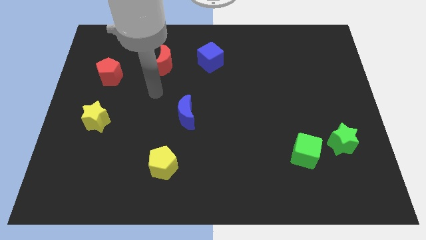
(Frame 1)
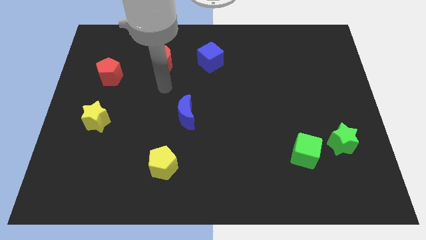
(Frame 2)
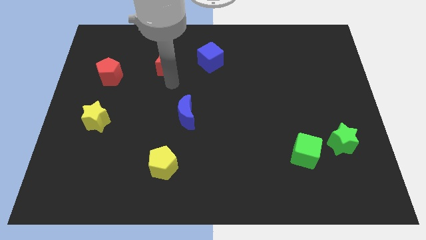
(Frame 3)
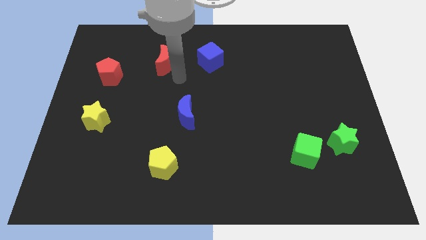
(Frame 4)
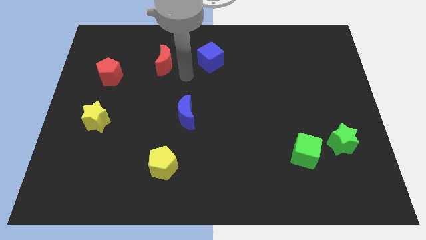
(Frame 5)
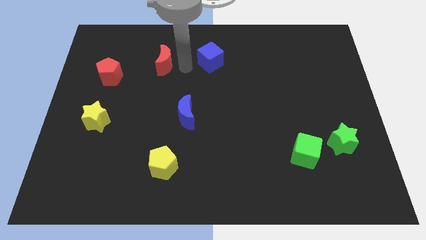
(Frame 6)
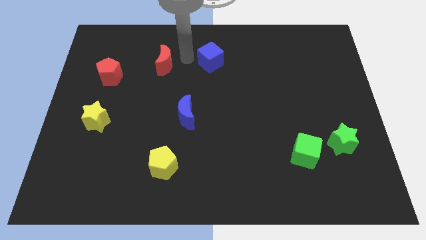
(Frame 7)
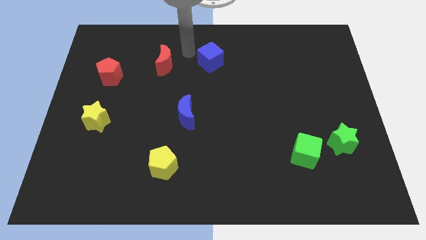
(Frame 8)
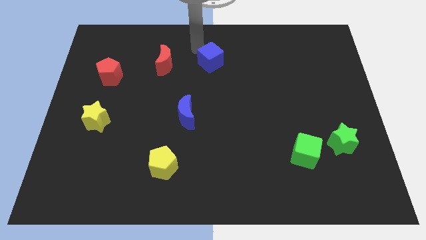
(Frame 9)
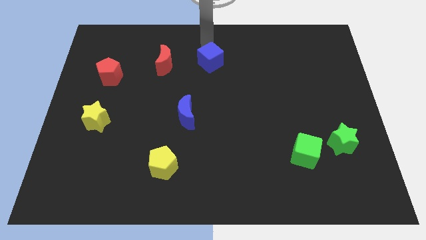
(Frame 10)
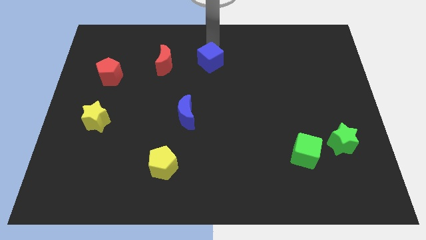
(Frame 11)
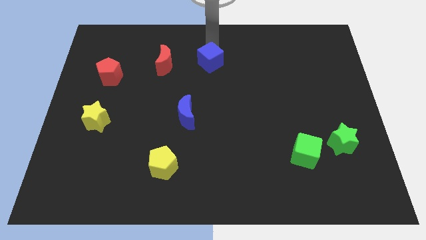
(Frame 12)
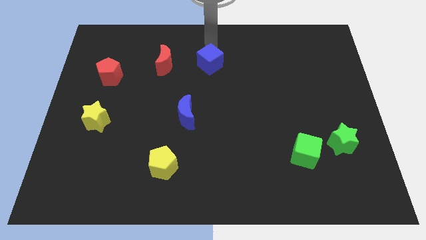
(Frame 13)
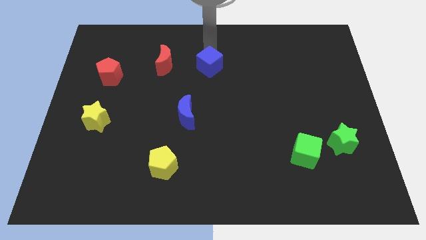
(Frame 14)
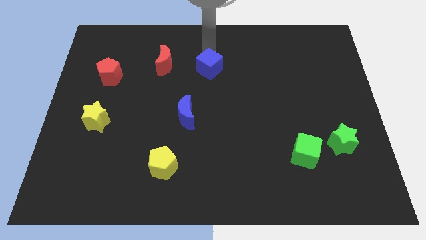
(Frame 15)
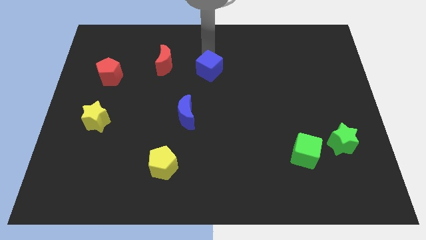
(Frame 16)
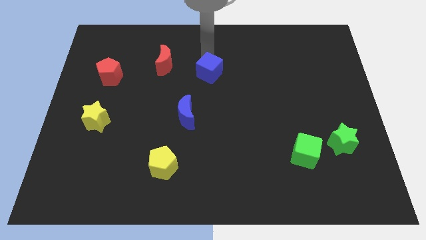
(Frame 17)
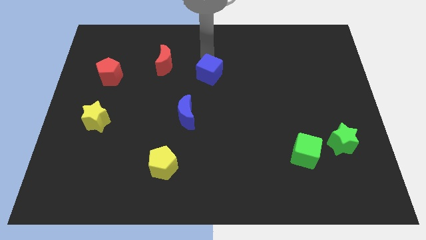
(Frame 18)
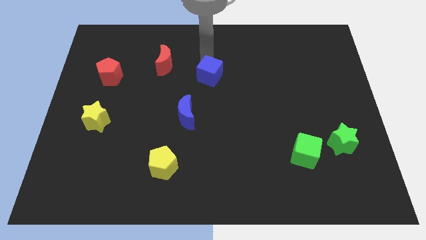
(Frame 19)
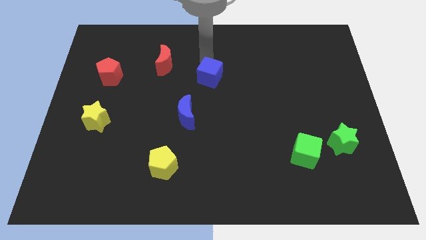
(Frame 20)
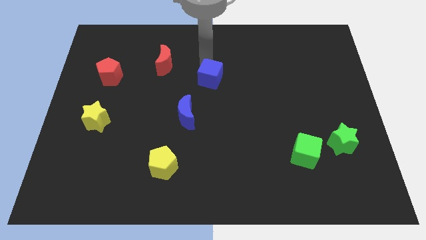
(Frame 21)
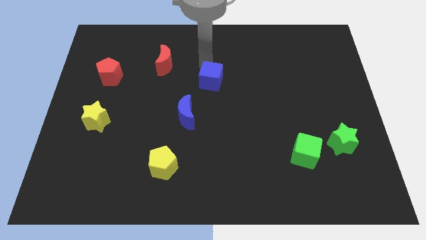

================

**About this task**
Repeat every record above exactly. Omit the pictures.

**Result of the exercise**
(Frame 1)
(Frame 2)
(Frame 3)
(Frame 4)
(Frame 5)
(Frame 6)
(Frame 7)
(Frame 8)
(Frame 9)
(Frame 10)
(Frame 11)
(Frame 12)
(Frame 13)
(Frame 14)
(Frame 15)
(Frame 16)
(Frame 17)
(Frame 18)
(Frame 19)
(Frame 20)
(Frame 21)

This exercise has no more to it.